(Data for this exercise)
▬▬▬
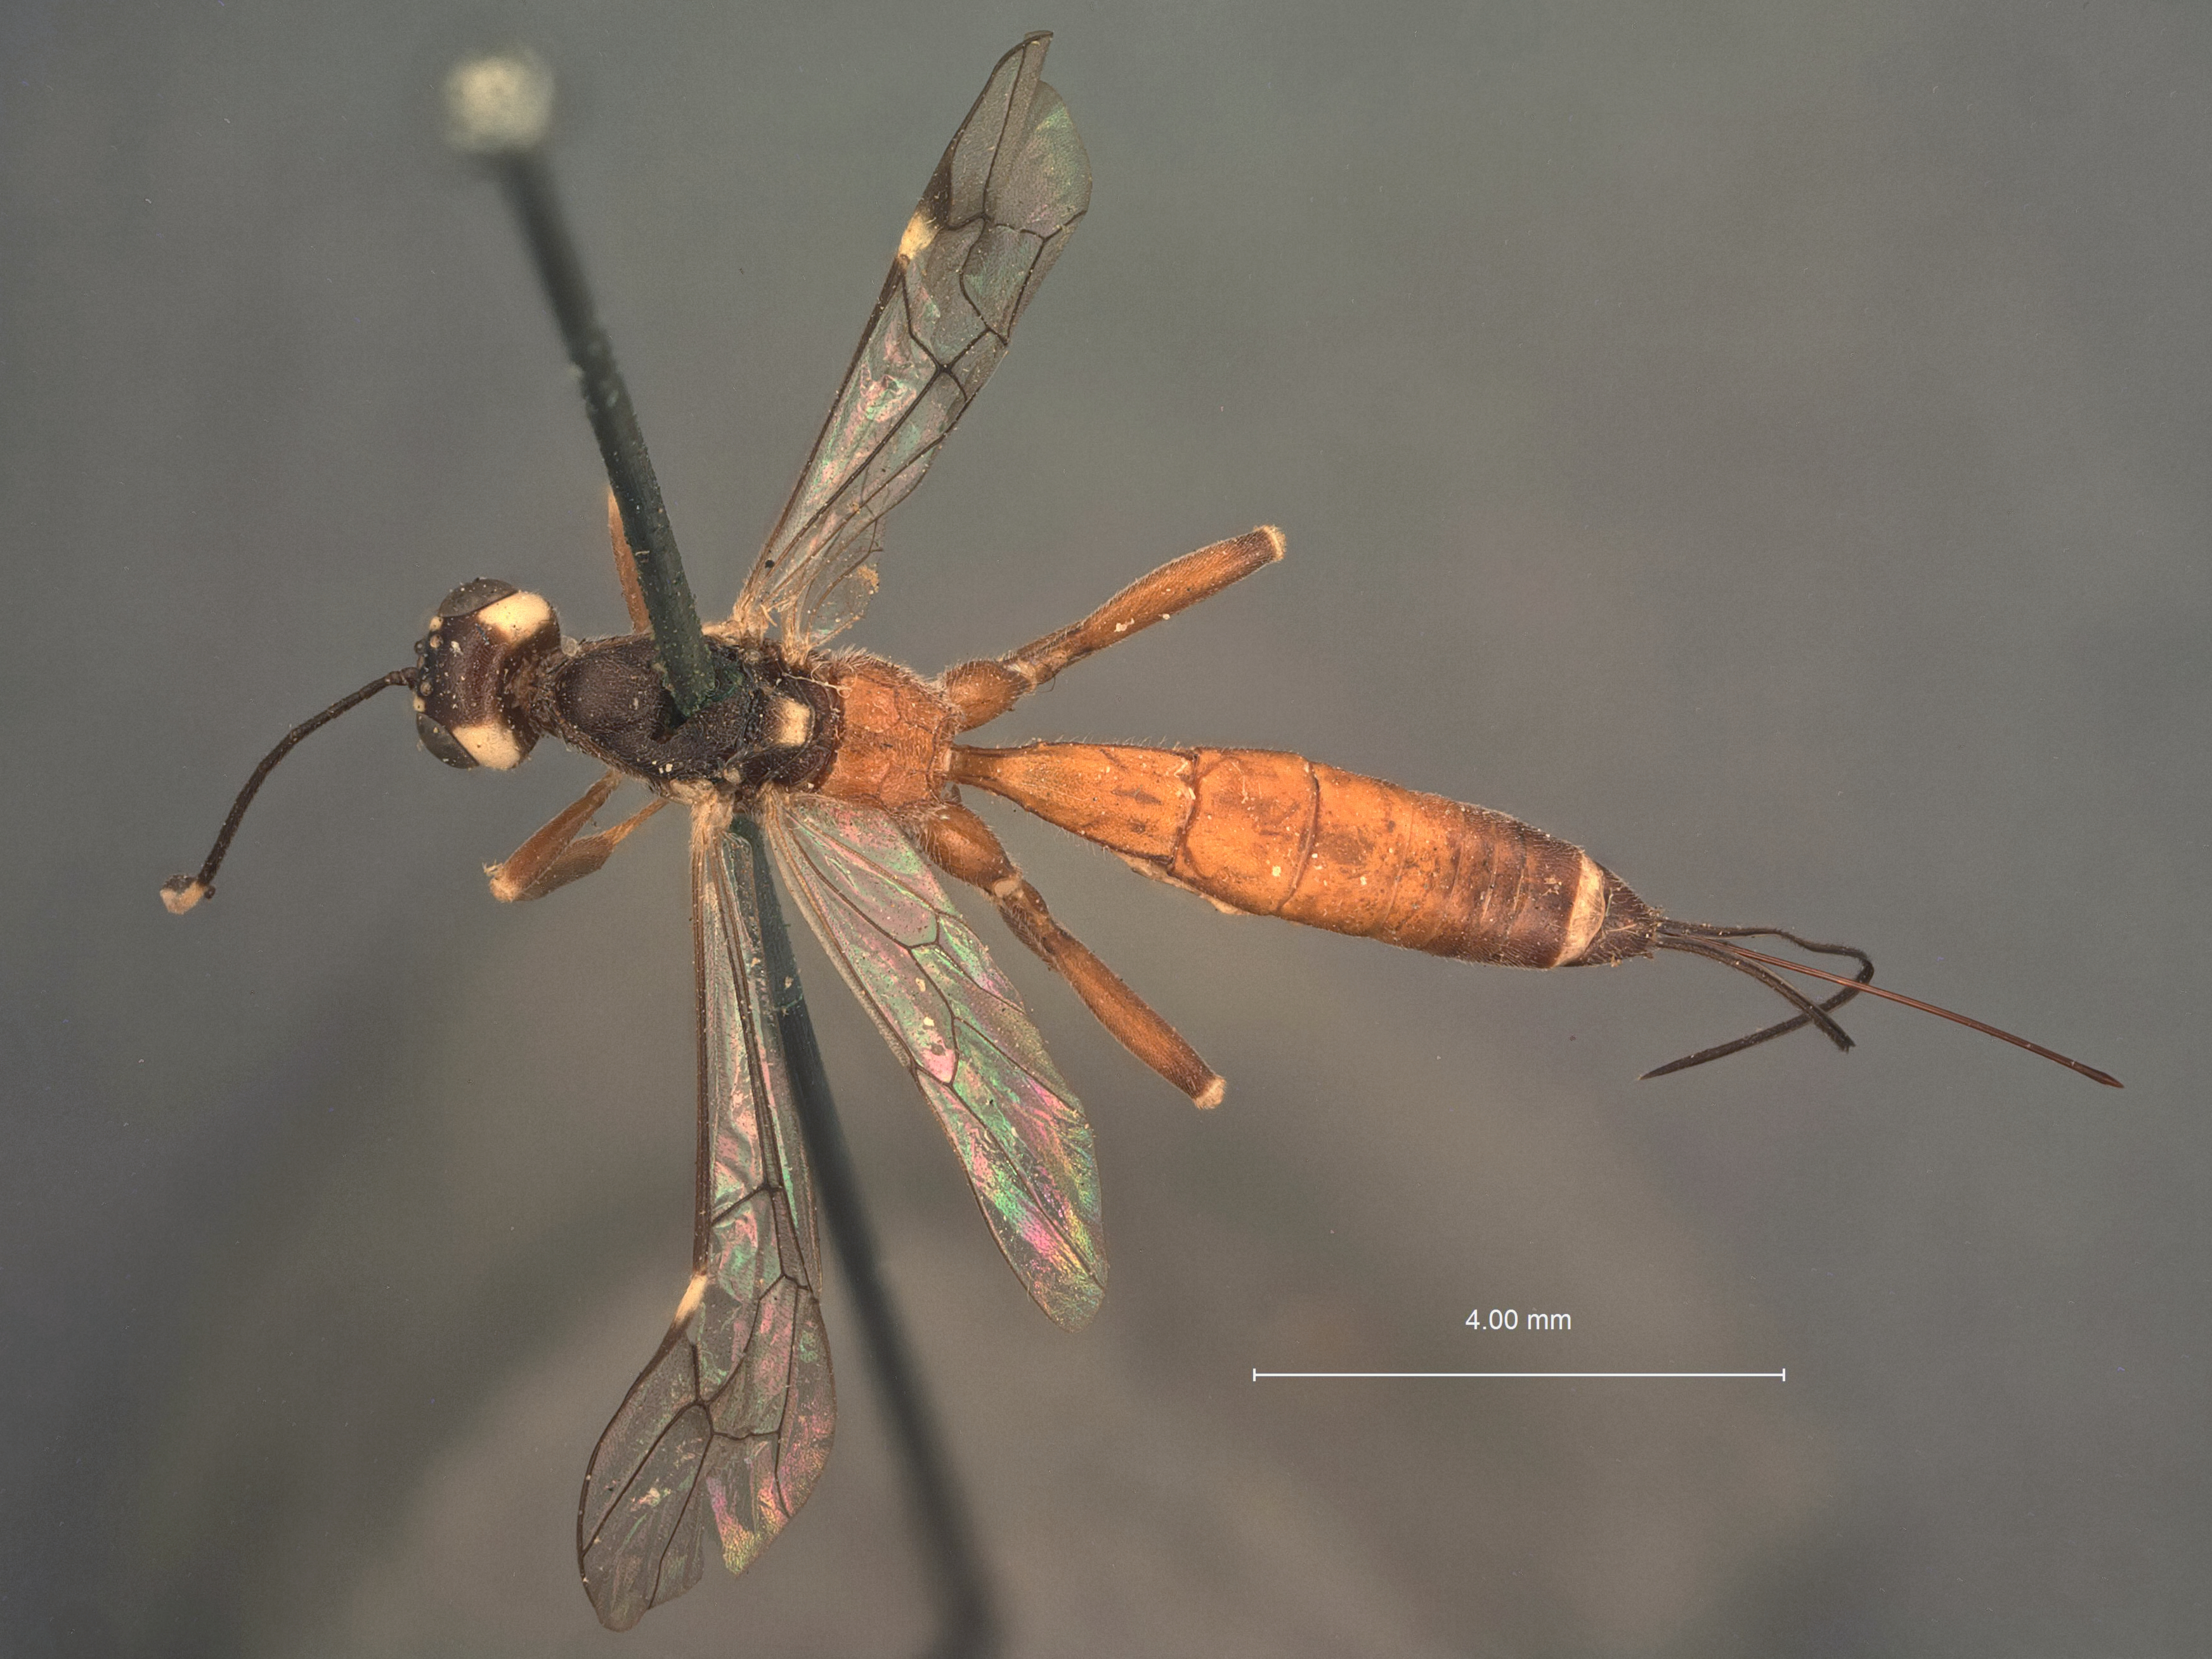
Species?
Xylonomus pulcher
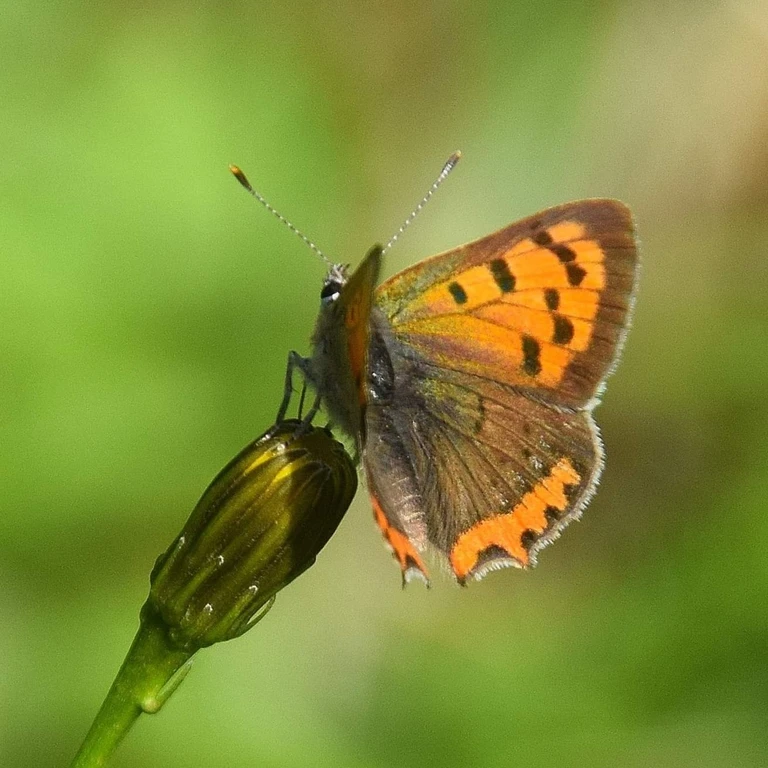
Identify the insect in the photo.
Lycaena phlaeas
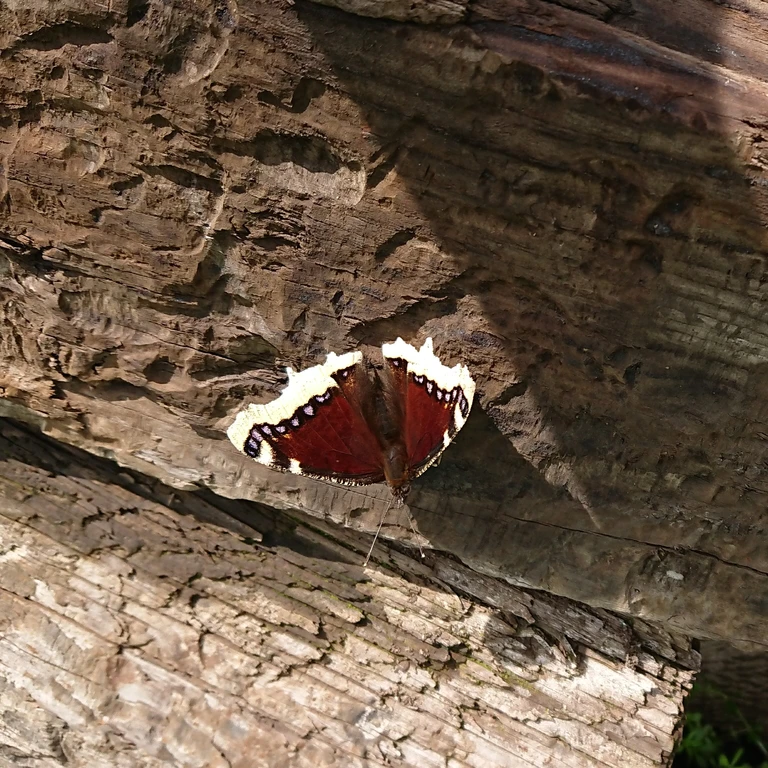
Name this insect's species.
Nymphalis antiopa
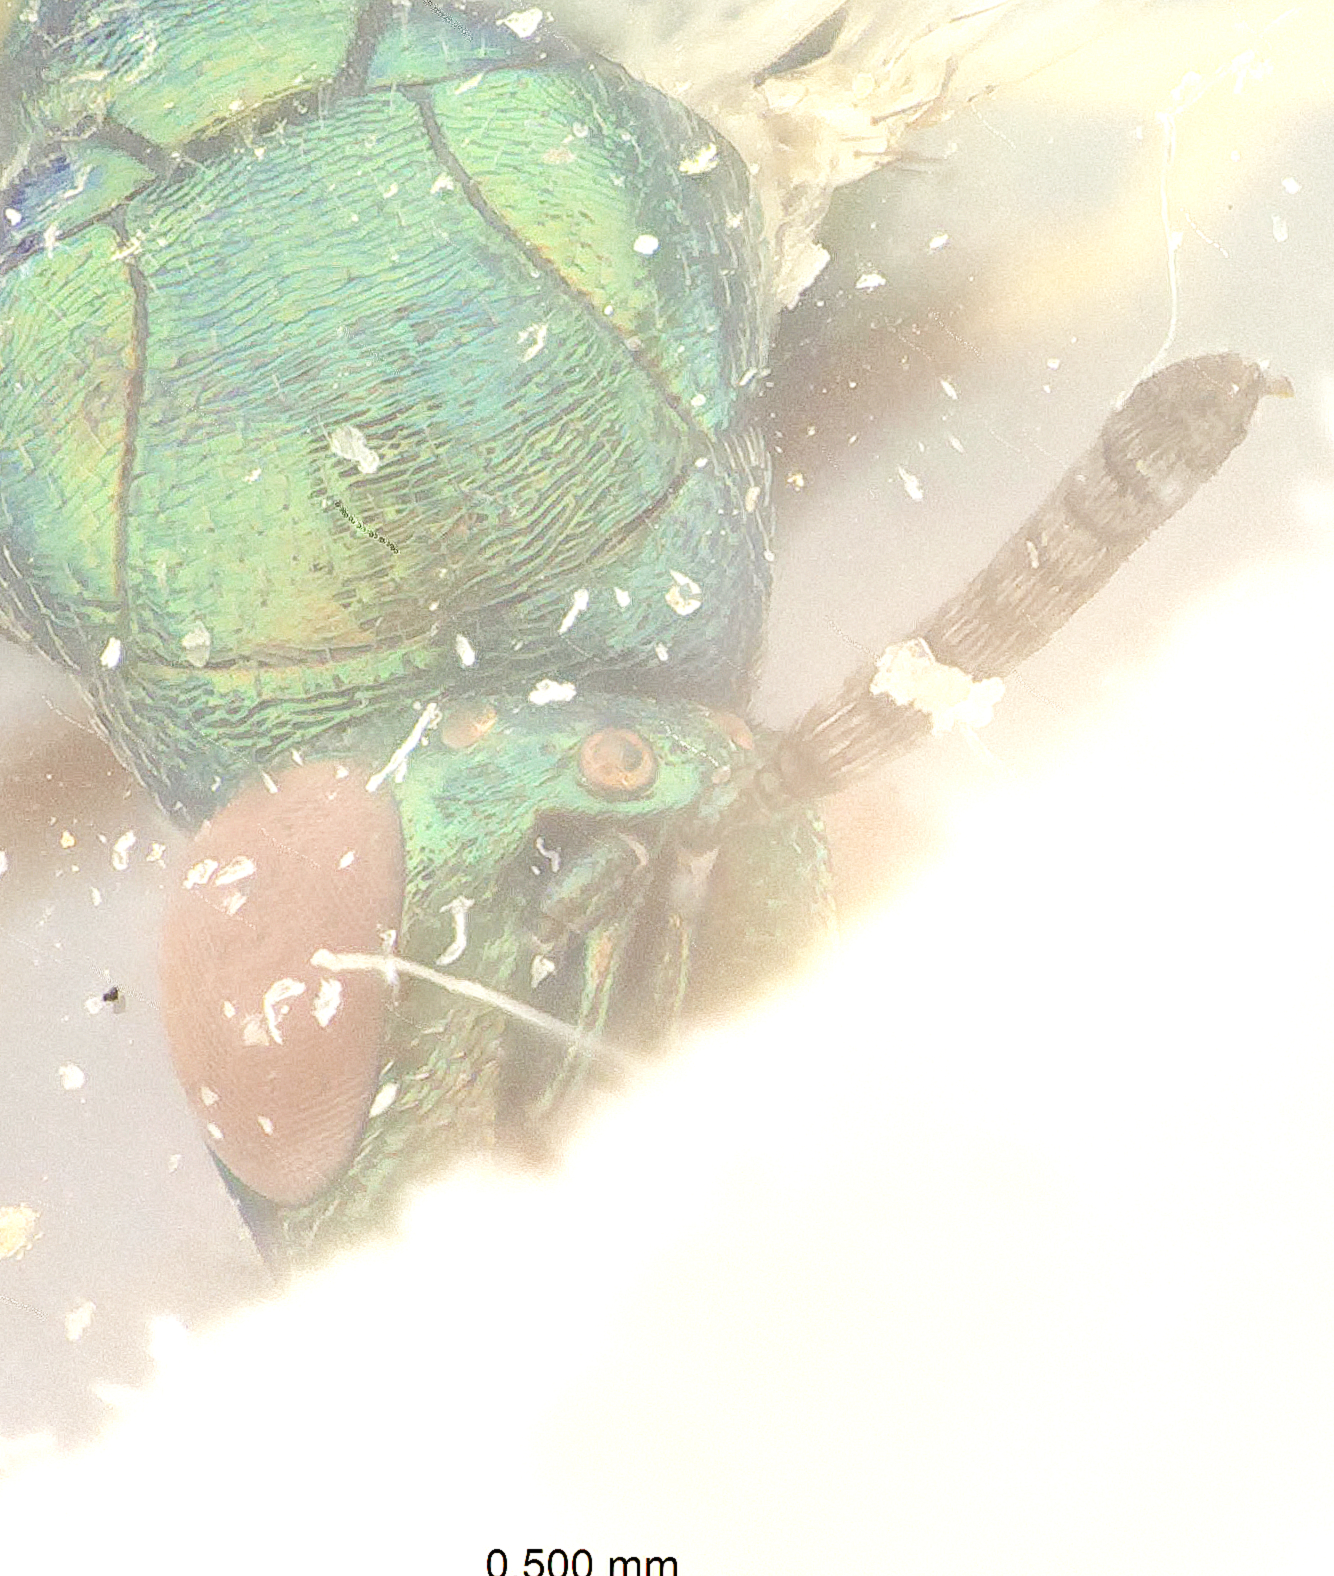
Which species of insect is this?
Anagyrus anamalainus
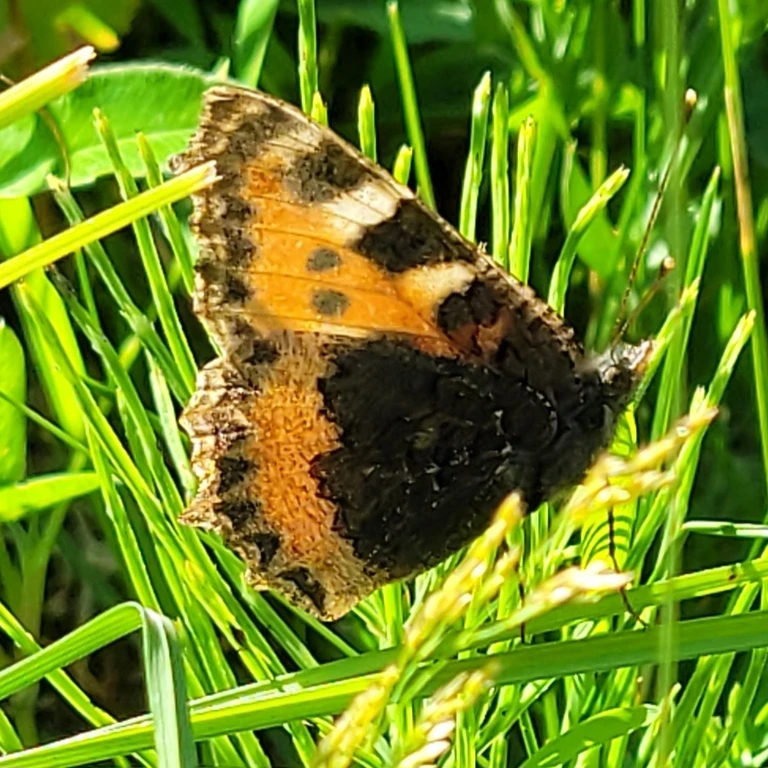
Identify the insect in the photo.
▬▬▬
(Aim of the exercise) The copy should start at the line that contains "Name this insect's species.", end at the last line of the entries above, and match each line exactly, with pictures dropped.

(Exercise solution)
Name this insect's species.
Nymphalis antiopa
Which species of insect is this?
Anagyrus anamalainus
Identify the insect in the photo.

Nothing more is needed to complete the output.